UK Study Finds HBIG-Free Prophylaxis Viable After Liver Transplant for Hep B
A 13-year UK analysis of 273 liver transplant patients finds HBIG maintenance may be unnecessary, with NA-only prophylaxis offering a cost-effective alternative.
Summary
A major UK retrospective study spanning 2010–2023 examined how hepatitis B immunoglobulin (HBIG) is used after liver transplantation across seven transplant centers. Despite wide variation in protocols, outcomes were similar regardless of HBIG dose or duration. Only 5.1% of patients experienced HBV recurrence within 12 months, and the main risk factor was triple immunosuppression — not HBIG regimen. Survival rates were strong at 98.2% at one year and 80.6% at seven years. The findings suggest that indefinite HBIG maintenance — an expensive standard practice — may be unnecessary for most patients, and that nucleoside analogue-only prophylaxis could be a safe, cost-effective alternative. Prospective trials are needed to confirm this shift in practice.
Detailed Summary
Hepatitis B virus (HBV) recurrence after liver transplantation has historically been prevented using a combination of hepatitis B immunoglobulin (HBIG) and nucleos(t)ide analogues (NAs). HBIG is expensive, requires ongoing administration, and protocols vary widely between centers — raising questions about whether indefinite use is truly necessary.
This retrospective UK study analyzed all HBV-related liver transplants performed between 2010 and 2023 across seven major transplant centers, covering 273 patients. Researchers assessed post-transplant HBV prophylaxis protocols, recurrence rates, survival outcomes, and the cost implications of different HBIG strategies.
Despite 81.7% of patients being classified as high risk for HBV recurrence, outcomes did not differ meaningfully based on HBIG dose or duration. HBV recurrence occurred in just 5.1% of patients within 12 months. Multivariate analysis identified triple immunosuppression as the only significant independent predictor of recurrence. Survival at one, five, and seven years was 98.2%, 88.3%, and 80.6%, respectively. Notably, only lower IV HBIG doses in the first week post-transplant were associated with increased seven-year mortality — suggesting early dosing may matter more than long-term maintenance.
The study found enormous variation in HBIG protocols across UK centers, with 54.6% of patients continuing HBIG for a median of 119 days. This inconsistency, combined with the lack of outcome differences, supports a move toward HBIG-free maintenance strategies using NAs alone for most patients.

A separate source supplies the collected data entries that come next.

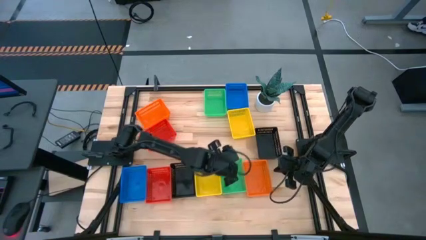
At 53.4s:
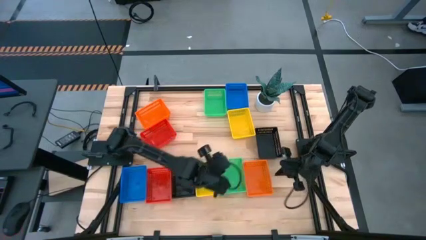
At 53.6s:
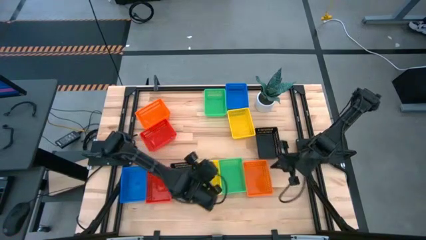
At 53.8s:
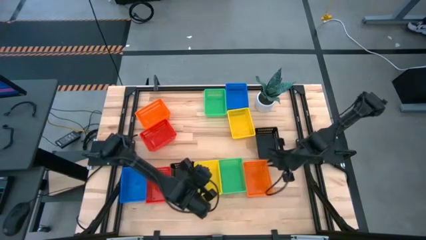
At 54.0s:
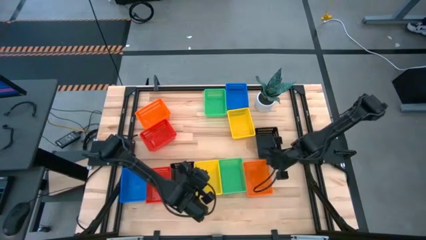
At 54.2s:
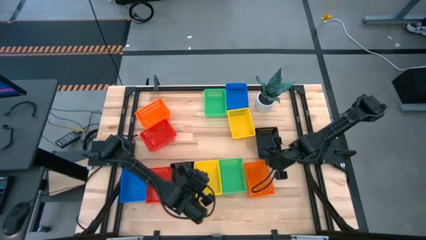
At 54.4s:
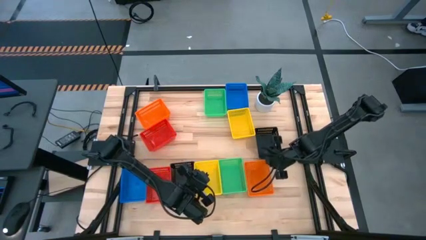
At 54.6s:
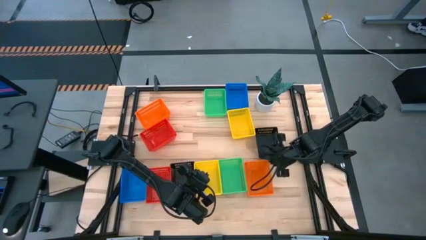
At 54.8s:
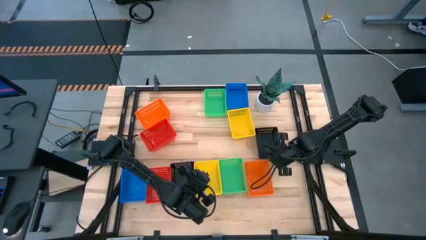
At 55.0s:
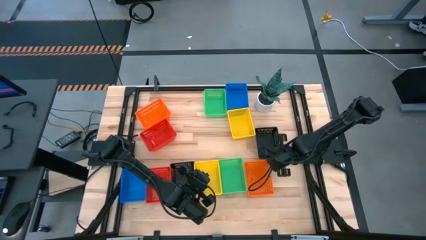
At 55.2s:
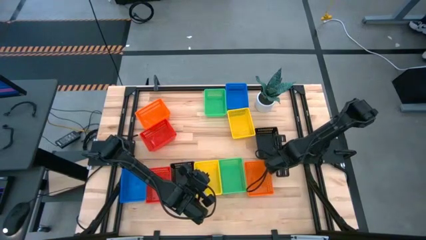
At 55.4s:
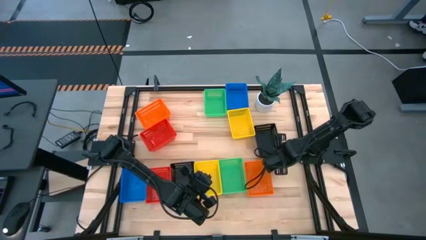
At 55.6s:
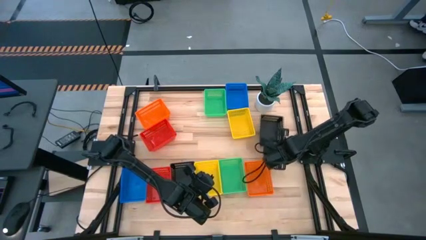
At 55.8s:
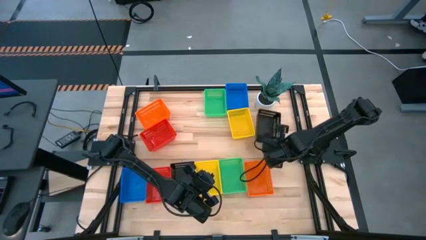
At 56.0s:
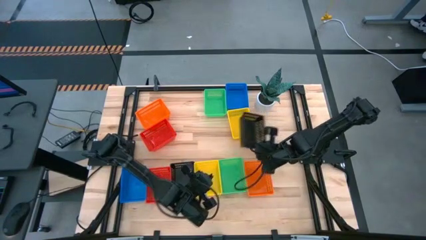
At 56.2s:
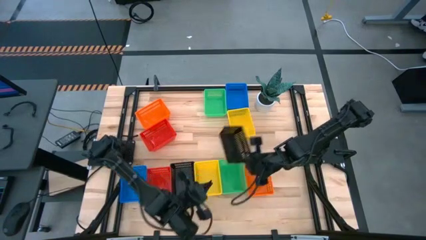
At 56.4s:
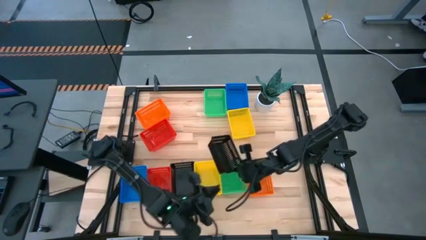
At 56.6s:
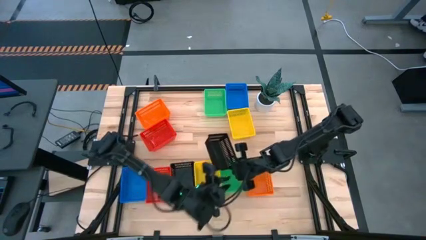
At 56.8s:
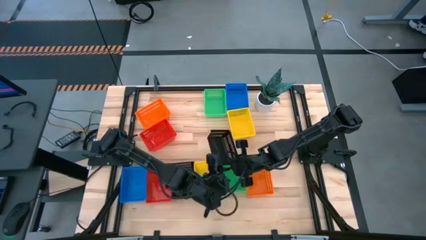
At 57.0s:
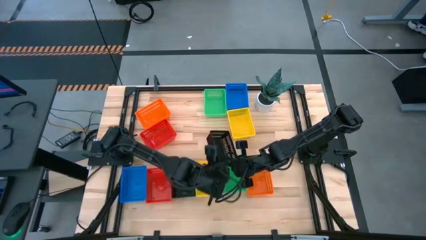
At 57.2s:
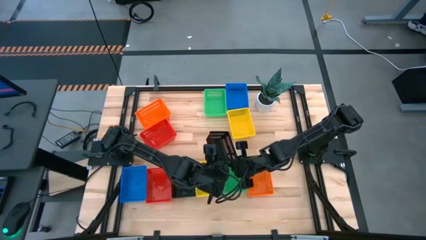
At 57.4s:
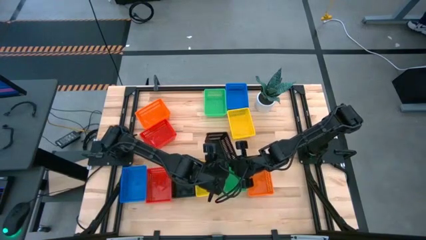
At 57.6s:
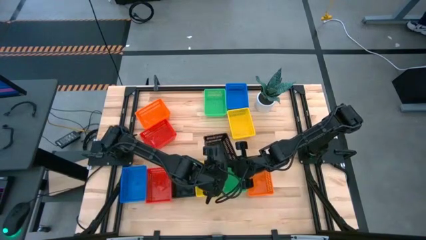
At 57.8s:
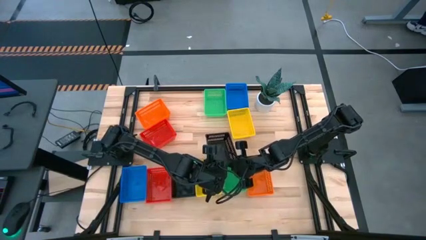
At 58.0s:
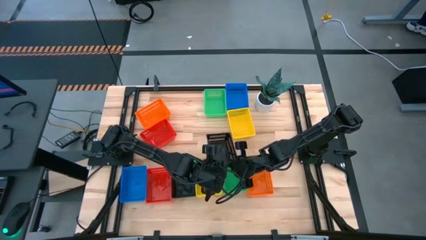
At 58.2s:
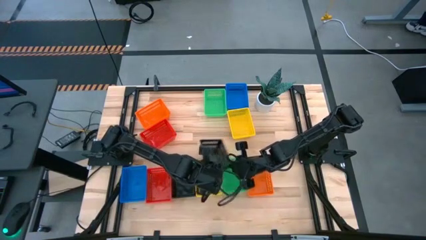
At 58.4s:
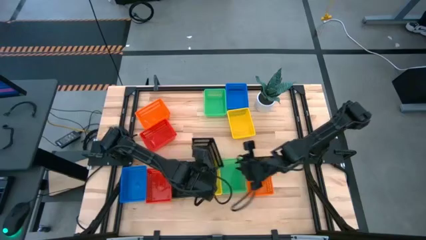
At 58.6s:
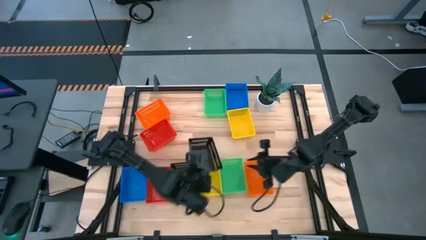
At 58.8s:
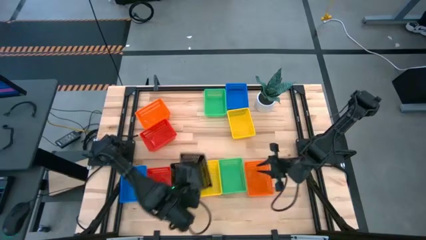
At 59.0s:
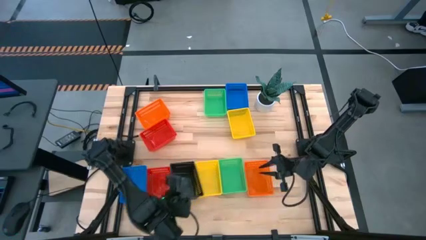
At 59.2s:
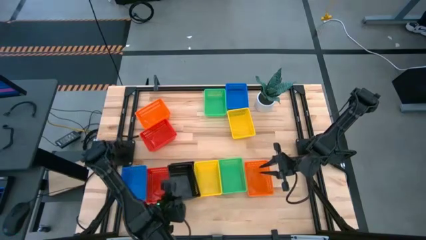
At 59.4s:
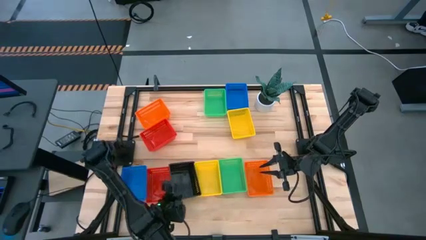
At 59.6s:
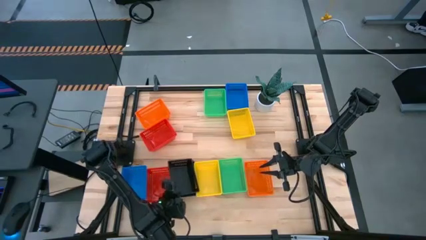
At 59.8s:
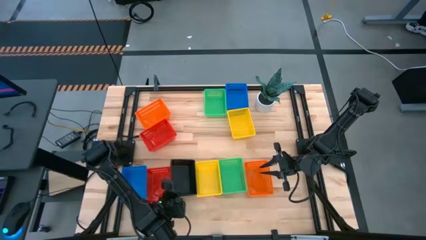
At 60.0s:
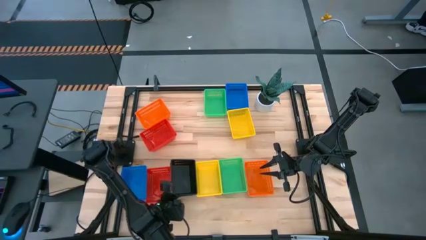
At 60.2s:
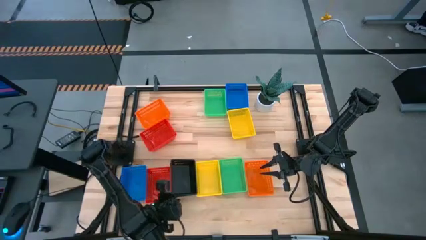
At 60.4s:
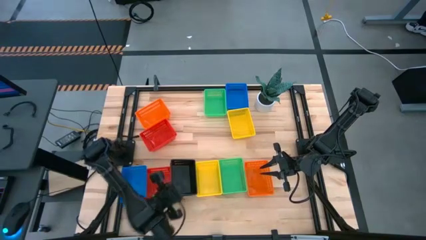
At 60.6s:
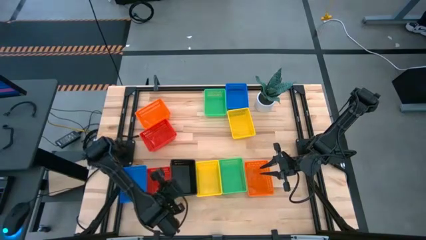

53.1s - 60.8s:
Stack the top black bin on top of the black bin

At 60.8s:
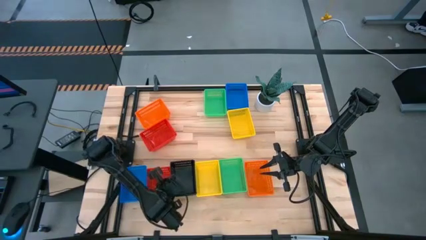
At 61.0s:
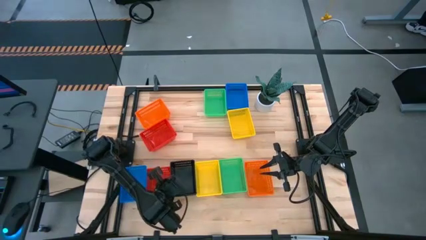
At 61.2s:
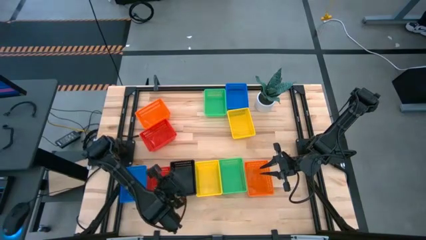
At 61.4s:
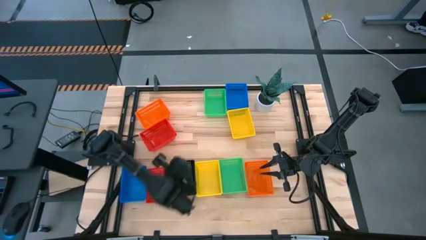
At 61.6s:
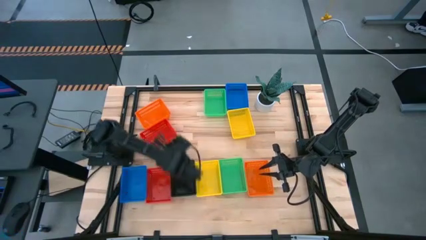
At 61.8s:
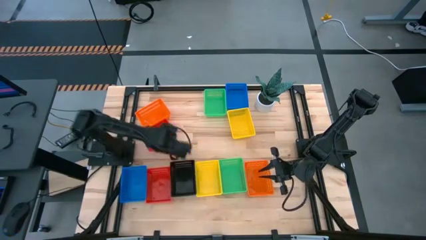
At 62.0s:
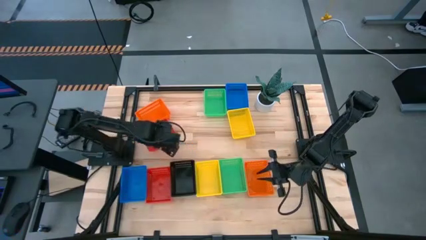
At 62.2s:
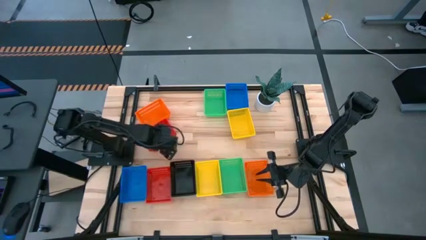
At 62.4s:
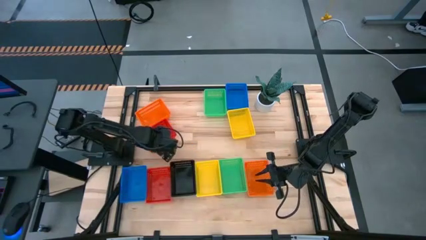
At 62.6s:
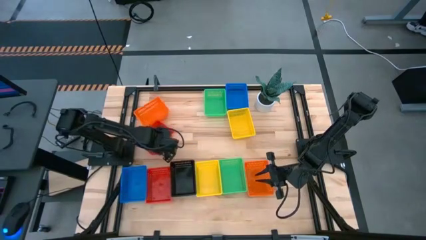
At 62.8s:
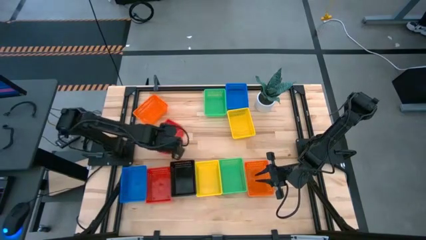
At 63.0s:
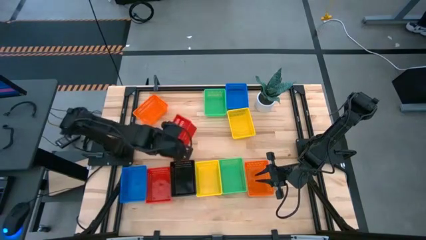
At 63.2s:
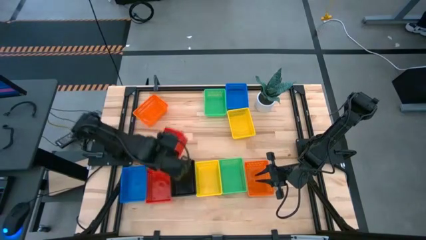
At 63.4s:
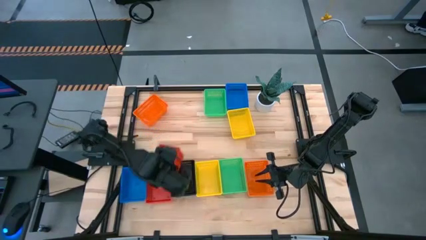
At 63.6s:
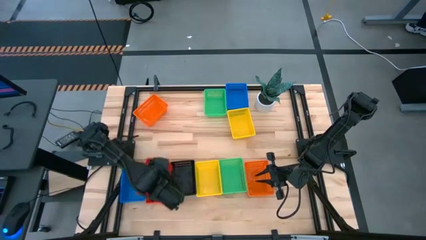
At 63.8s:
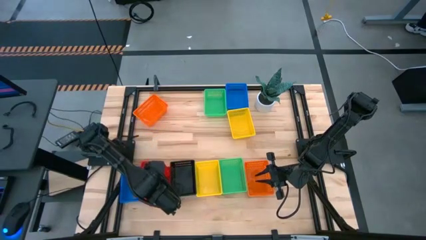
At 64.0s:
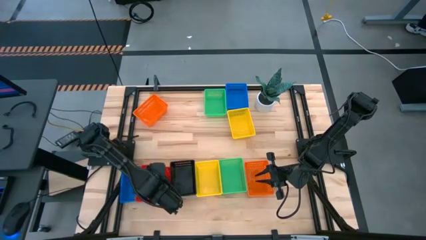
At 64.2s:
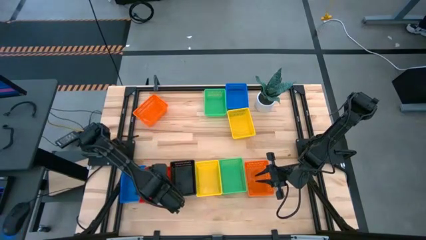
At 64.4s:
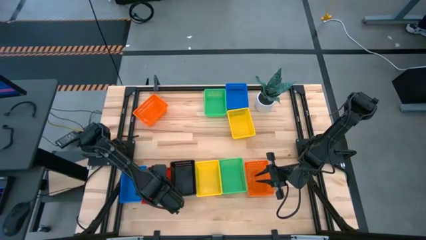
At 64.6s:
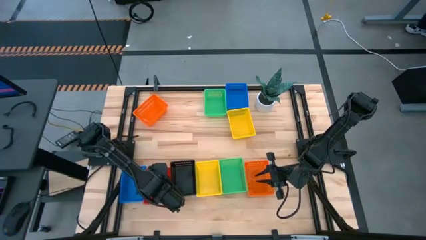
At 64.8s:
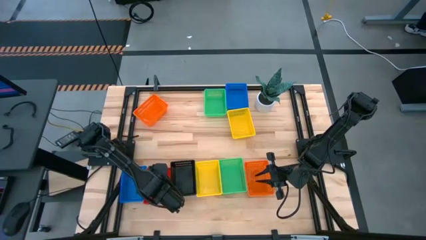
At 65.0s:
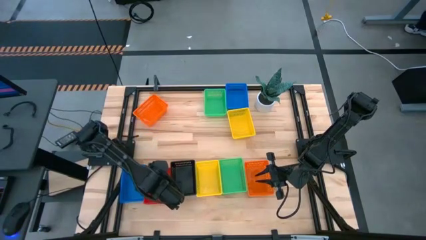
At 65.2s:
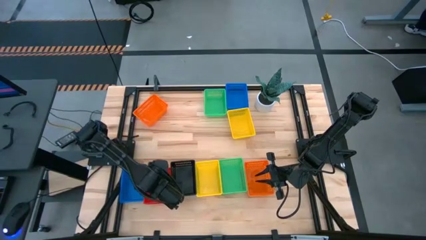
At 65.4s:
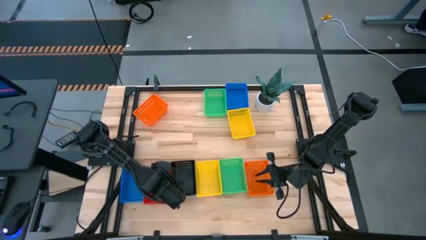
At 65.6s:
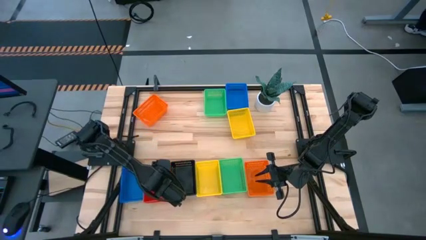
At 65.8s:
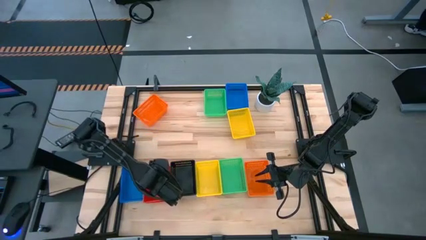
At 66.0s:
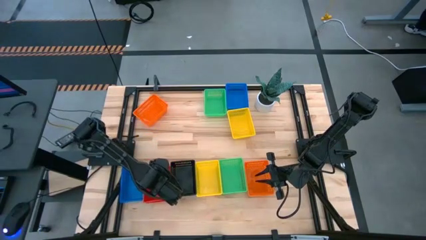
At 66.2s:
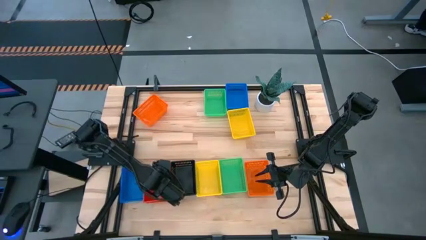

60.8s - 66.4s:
Stack the top red bin on top of the red bin

Caveats include the retrospective design, potential selection bias across centers, and the fact that this summary is based on the abstract only. Prospective randomized studies are needed to validate HBIG-free protocols and guide standardized national guidelines.
Key Findings
- HBV recurrence occurred in only 5.1% of patients within 12 months post-liver transplant.
- Triple immunosuppression — not HBIG dose or duration — was the key independent predictor of HBV recurrence.
- Survival rates were strong: 98.2% at 1 year, 88.3% at 5 years, and 80.6% at 7 years.
- Wide variation in HBIG protocols across UK centers produced no meaningful difference in outcomes.
- HBIG-free maintenance prophylaxis using nucleoside analogues alone appears feasible and cost-effective for most patients.
Methodology
Retrospective cohort study of 273 HBV-related liver transplants across seven UK centers from 2010 to 2023. Outcomes assessed included HBV recurrence, overall survival, and HBIG cost comparisons across protocols. Multivariate and Cox regression analyses were used to identify predictors of recurrence and mortality.
Study Limitations
The retrospective design introduces potential selection bias and confounding across heterogeneous center protocols. Summary is based on the abstract only, so full methodology, patient subgroup analyses, and cost data cannot be fully evaluated. Prospective randomized trials are required before HBIG-free strategies can be broadly adopted as standard of care.